The previously reported cases of primary pulmonary mucoepidermoid carcinoma (PPMS) were predominantly managed through surgical intervention. Out of the 36 documented cases, only 4 exhibited metastasis: one with brain metastasis [2], one with renal metastasis [2], one with pleural and bone metastasis [6], and one with contralateral lung metastasis [13, 16]. Despite the presence of metastasis, all patients succumbed to the disease, although the prognosis was relatively favorable. Further research is required to explore alternative treatments. The patient was monitored for 30 months without receiving chemotherapy or radiotherapy, and no recurrence or metastasis occurred.

Conclusion

In conclusion, PPMS represents a tumor with an elusive origin, predominantly affecting female patients, with onset typically occurring in young to middle-aged individuals. Classified as a low-grade malignant or malignancy of undefined potential, PPMS commonly presents with coughing and hemoptysis as initial symptoms. Microscopically, the tumor exhibits abundant short spindle-shaped cells distributed within a mucoid matrix. Immunohistochemistry lacks specific marker expression, whereas the presence of EWSR1-CREB1 gene fusion serves as a typical molecular pathological characteristic observed in approximately 75% of cases. Surgical resection constitutes the primary treatment modality, resulting in generally favorable prognoses for patients with PPMS. Among 35 previously reported cases, metastasis occurred in 4 cases, with only 1 death, whereas the remaining patients survived.
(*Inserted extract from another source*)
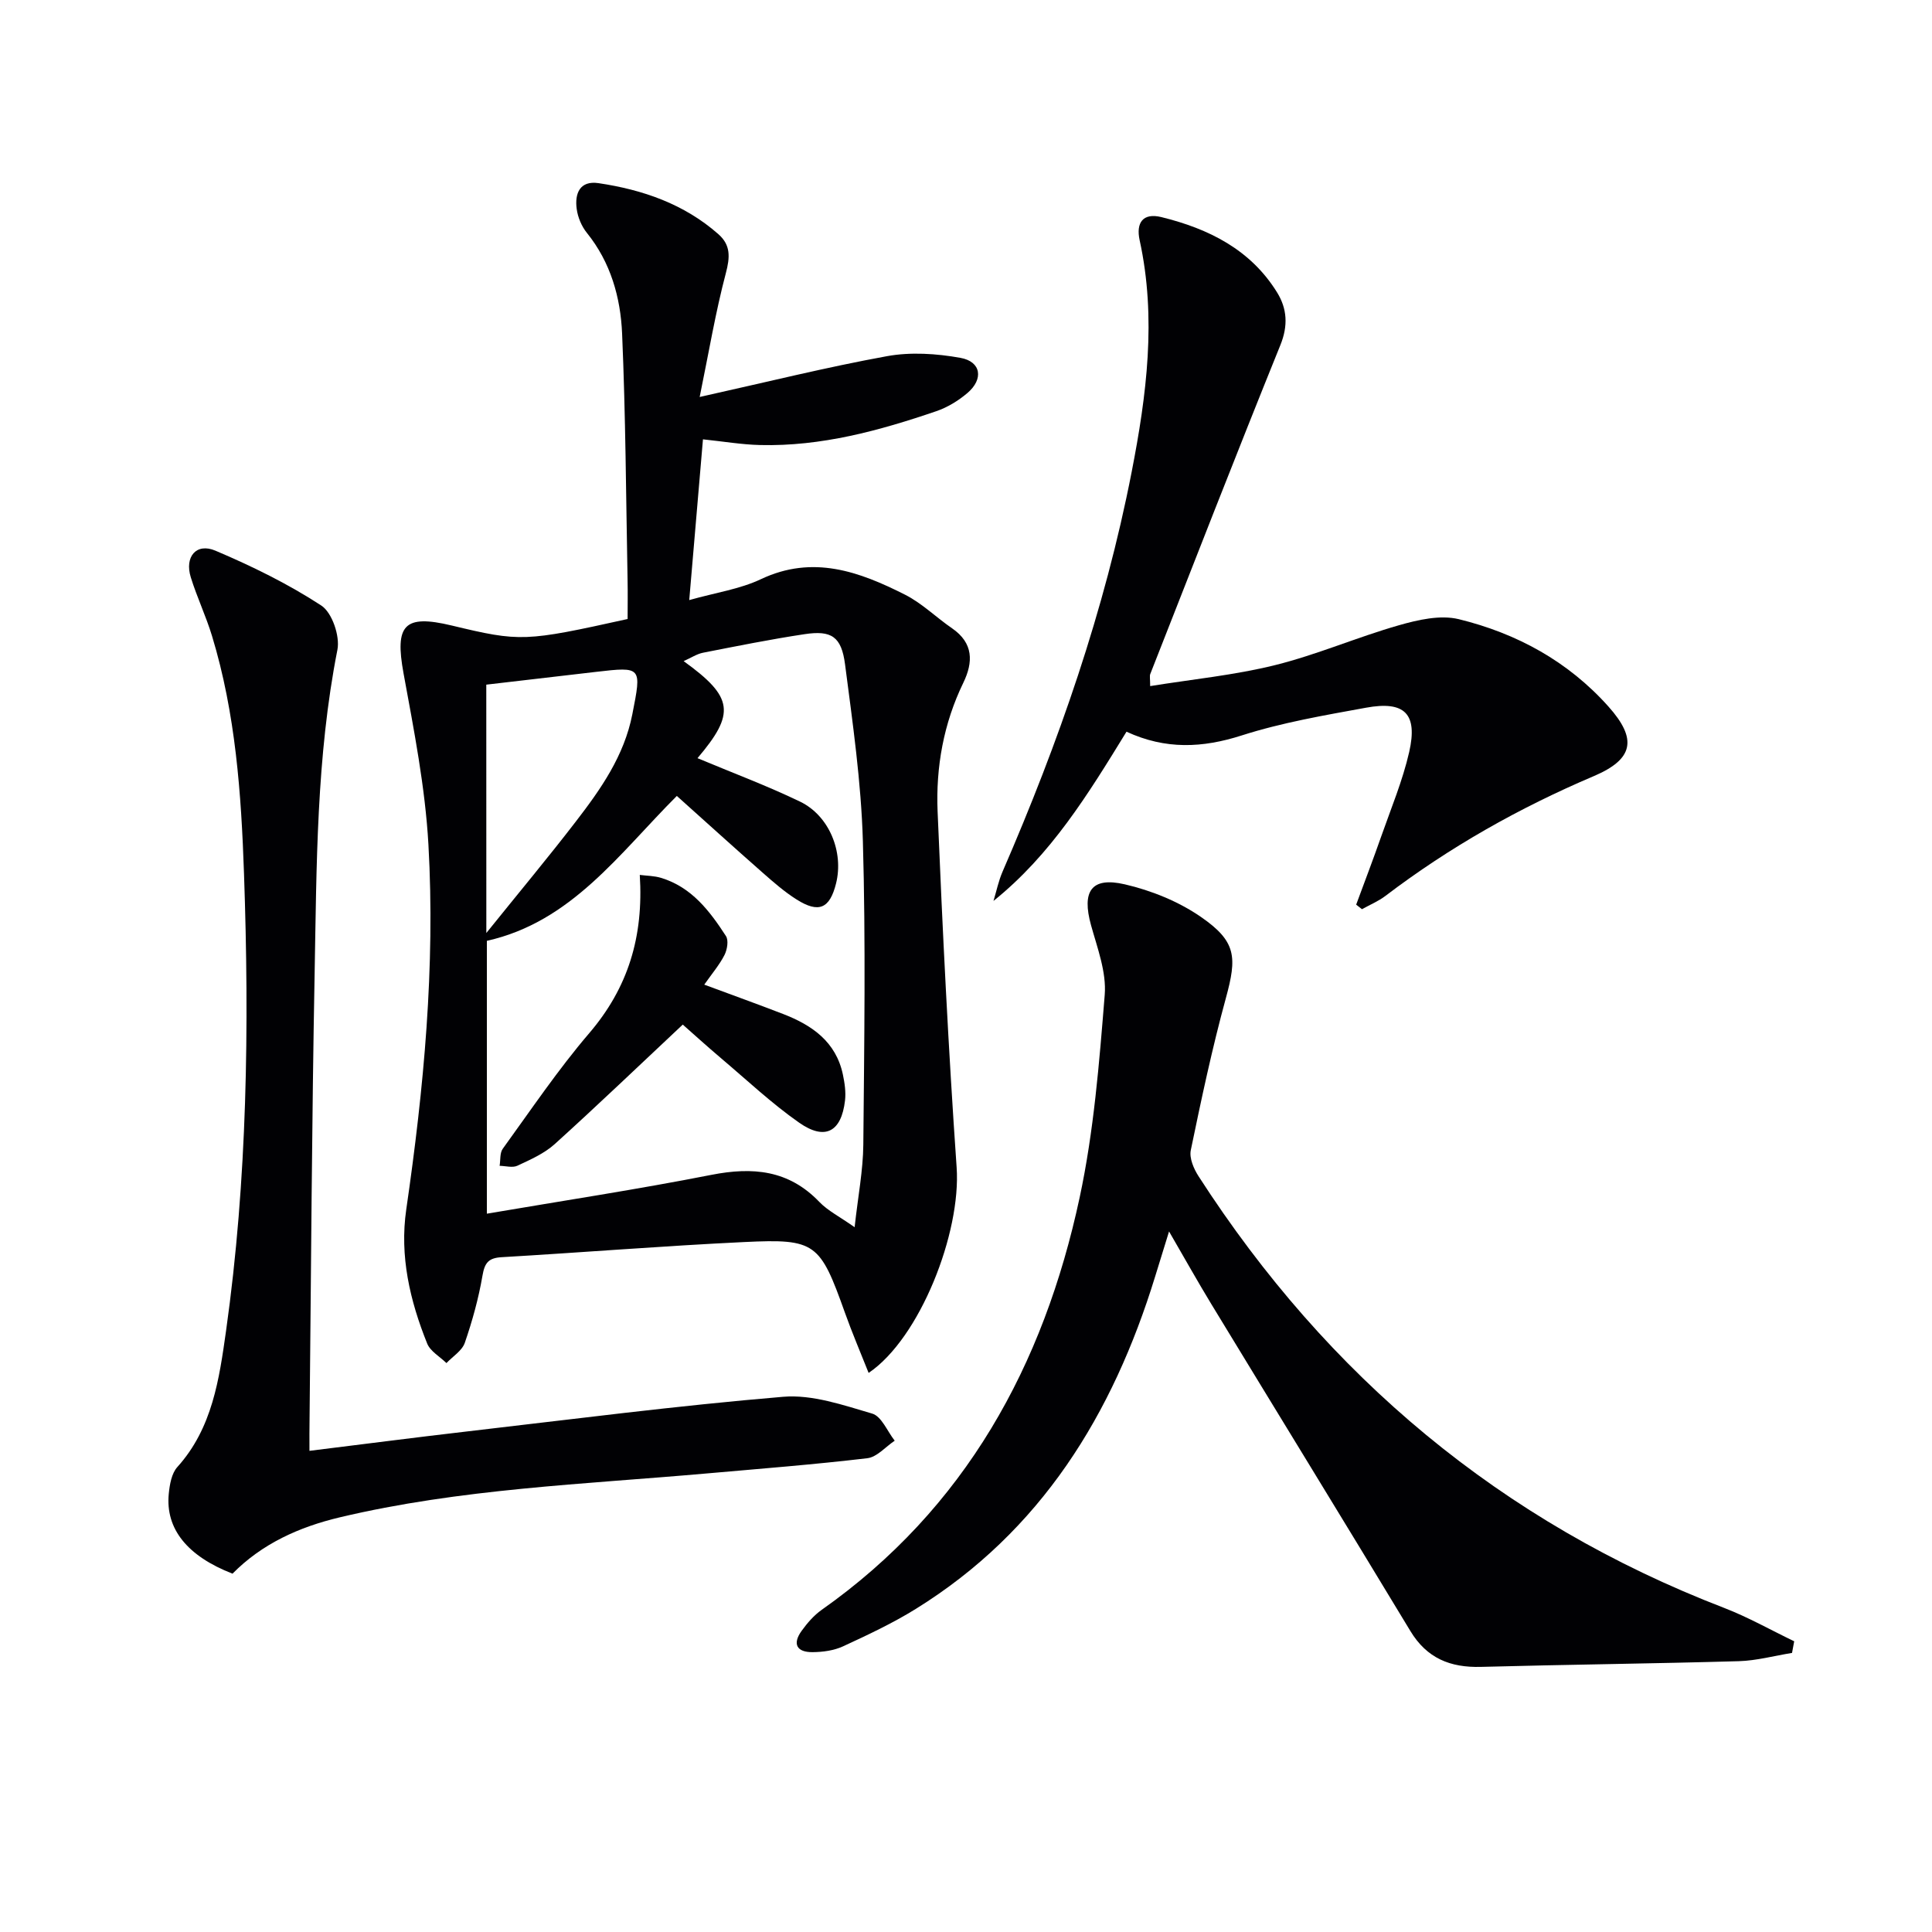<svg enable-background="new 0 0 400 400" viewBox="0 0 400 400" xmlns="http://www.w3.org/2000/svg"><g fill="#010104"><path d="m179.84 284.25c-1.69-4.26-3.43-8.32-4.91-12.48-5.16-14.44-6.03-15.33-20.8-14.62-16.77.8-33.52 2.16-50.29 3.14-2.73.16-3.5 1.19-3.95 3.83-.81 4.71-2.1 9.38-3.66 13.9-.57 1.64-2.49 2.81-3.8 4.19-1.36-1.34-3.34-2.43-3.99-4.05-3.57-8.88-5.73-18.09-4.33-27.75 3.64-25.06 6.02-50.25 4.59-75.56-.67-11.87-3-23.69-5.15-35.43-1.84-10.03.1-12.28 9.95-9.92 14.22 3.41 15.13 3.38 36.44-1.34 0-2.63.05-5.41-.01-8.19-.32-16.97-.4-33.95-1.13-50.9-.32-7.48-2.36-14.73-7.28-20.84-1.1-1.36-1.89-3.23-2.12-4.97-.44-3.19.64-5.92 4.52-5.34 9.15 1.36 17.72 4.31 24.81 10.56 2.58 2.27 2.42 4.77 1.55 8.07-2.14 8.09-3.52 16.38-5.42 25.64 13.95-3.1 26.3-6.18 38.79-8.45 4.9-.89 10.25-.54 15.2.35 4.3.77 4.84 4.41 1.42 7.3-1.86 1.58-4.1 2.95-6.41 3.74-11.82 4.04-23.84 7.32-36.49 7.01-3.77-.09-7.52-.73-11.83-1.18-.92 10.75-1.84 21.58-2.84 33.28 5.48-1.55 10.47-2.26 14.82-4.32 10.79-5.11 20.42-1.57 29.89 3.22 3.5 1.78 6.42 4.69 9.7 6.94 4.45 3.06 4.41 7 2.33 11.29-4.09 8.43-5.7 17.46-5.32 26.64 1.02 24.57 2.23 49.14 3.94 73.67.95 13.55-7.59 35.38-18.22 42.57zm-35.43-127.28c7.26 3.04 14.39 5.7 21.22 8.99 6.08 2.93 9.08 10.45 7.47 16.93-1.3 5.22-3.56 6.25-8.17 3.34-2.51-1.58-4.79-3.58-7.03-5.55-5.96-5.24-11.83-10.57-17.77-15.89-11.94 11.93-21.8 26.08-39.33 30v56.49c15.85-2.7 31.24-5.04 46.49-8.04 8.57-1.68 16-1.01 22.34 5.6 1.77 1.84 4.2 3.05 7.31 5.24.7-6.39 1.75-11.74 1.8-17.09.19-20.94.51-41.89-.09-62.81-.35-12.24-2.11-24.46-3.69-36.62-.75-5.79-2.83-7.1-8.39-6.26-7.04 1.06-14.03 2.47-21.02 3.84-1.27.25-2.42 1.03-4.01 1.74 10.35 7.46 10.74 10.82 2.87 20.09zm-43.72 36.2c6.81-8.46 12.82-15.66 18.53-23.08 5.16-6.7 10.01-13.59 11.7-22.22 1.93-9.83 2.01-9.87-7.57-8.76-7.51.87-15.01 1.75-22.67 2.64.01 16.74.01 33.28.01 51.42z"/><path d="m371.02 342.22c-3.67.59-7.33 1.6-11.01 1.71-17.8.51-35.6.7-53.4 1.18-6.35.17-11.19-1.77-14.61-7.43-13.66-22.61-27.5-45.13-41.22-67.7-2.84-4.67-5.5-9.44-8.74-15.02-1.12 3.63-2.01 6.49-2.89 9.36-8.77 28.51-23.6 52.7-49.55 68.79-4.79 2.97-9.93 5.38-15.06 7.75-1.89.87-4.17 1.18-6.28 1.2-3.3.04-4.27-1.69-2.27-4.44 1.16-1.6 2.52-3.18 4.12-4.31 29.77-20.99 45.98-50.63 53.42-85.38 2.94-13.73 4.06-27.91 5.19-41.95.38-4.71-1.52-9.69-2.83-14.41-1.95-7.02.03-10.09 6.98-8.48 5.5 1.27 11.11 3.54 15.74 6.73 7.39 5.1 7.52 8.32 5.19 16.84-2.84 10.38-5.08 20.94-7.26 31.48-.34 1.64.62 3.87 1.62 5.41 26.7 41.41 62.66 71.57 108.8 89.35 4.98 1.92 9.68 4.59 14.51 6.91-.16.82-.3 1.61-.45 2.41z"/><path d="m64.07 300.38c11.2-1.38 21.71-2.75 32.25-3.97 21.93-2.54 43.83-5.38 65.82-7.22 6.03-.51 12.44 1.72 18.44 3.48 1.94.57 3.13 3.67 4.66 5.61-1.89 1.26-3.67 3.4-5.68 3.63-11.04 1.31-22.14 2.17-33.22 3.15-25.44 2.25-51.06 3.16-76.04 9.1-8.33 1.98-16.05 5.44-22.16 11.65-9.33-3.62-13.91-9.26-13.2-16.52.19-1.92.58-4.24 1.78-5.56 7.26-8.05 8.67-18.23 10.08-28.18 4.42-31.4 4.82-63.01 3.72-94.63-.57-16.59-1.74-33.2-6.62-49.24-1.25-4.12-3.13-8.05-4.4-12.16-1.32-4.24 1.14-7.19 5.1-5.51 7.57 3.21 15.06 6.88 21.92 11.36 2.24 1.46 3.89 6.33 3.34 9.15-4.38 22.19-4.3 44.65-4.72 67.06-.58 30.8-.73 61.6-1.05 92.41-.04 1.81-.02 3.62-.02 6.39z"/><path d="m233.23 151.49c-7.98 13-15.61 25.45-27.54 35.04.62-2.03 1.04-4.14 1.88-6.07 11.6-26.72 21.15-54.11 26.73-82.76 3.09-15.86 5.18-31.83 1.65-47.97-.78-3.58.65-5.73 4.51-4.78 9.76 2.4 18.45 6.7 23.95 15.6 2.07 3.35 2.31 6.86.68 10.89-9.16 22.63-18.01 45.39-26.94 68.11-.16.42-.02.96-.02 2.5 8.76-1.42 17.47-2.26 25.88-4.35 8.66-2.15 16.95-5.77 25.56-8.23 3.98-1.14 8.6-2.21 12.44-1.28 11.99 2.93 22.64 8.72 31 18.09 6.01 6.73 5.24 10.89-3.04 14.41-15.39 6.54-29.81 14.67-43.12 24.79-1.47 1.12-3.24 1.85-4.87 2.76-.4-.31-.8-.62-1.2-.94 1.74-4.71 3.53-9.4 5.19-14.14 2.03-5.79 4.43-11.52 5.79-17.47 1.8-7.92-.94-10.63-8.92-9.17-8.65 1.58-17.4 3.07-25.74 5.74-8.13 2.61-15.78 2.97-23.87-.77z"/><path d="m141.36 212.13c-9.12 8.55-17.7 16.78-26.52 24.75-2.16 1.95-5.03 3.21-7.72 4.47-1.01.47-2.44.04-3.68.02.2-1.19.02-2.66.65-3.53 5.85-8.07 11.44-16.38 17.91-23.94 8.03-9.39 11.27-19.94 10.46-32.76 1.43.19 2.98.18 4.39.61 6.33 1.91 10.08 6.85 13.45 12.05.58.9.26 2.81-.3 3.92-1.04 2.04-2.57 3.83-4.19 6.14 5.66 2.1 11.03 4.03 16.36 6.09 5.97 2.31 10.91 5.74 12.34 12.52.37 1.76.65 3.64.44 5.4-.76 6.47-4.13 8.32-9.49 4.57-5.69-3.98-10.8-8.8-16.12-13.3-3.01-2.55-5.93-5.2-7.98-7.01z"/></g></svg>

We present the first documented case of PPMS occurring in the left lung lobe interlobar fissure, accompanied by the presence of Russell bodies in the stromal area.The presence of Russell bodies in this case report necessitates validation through extensive clinicopathological data to determine its correlation with the diagnosis and prognosis of the disease.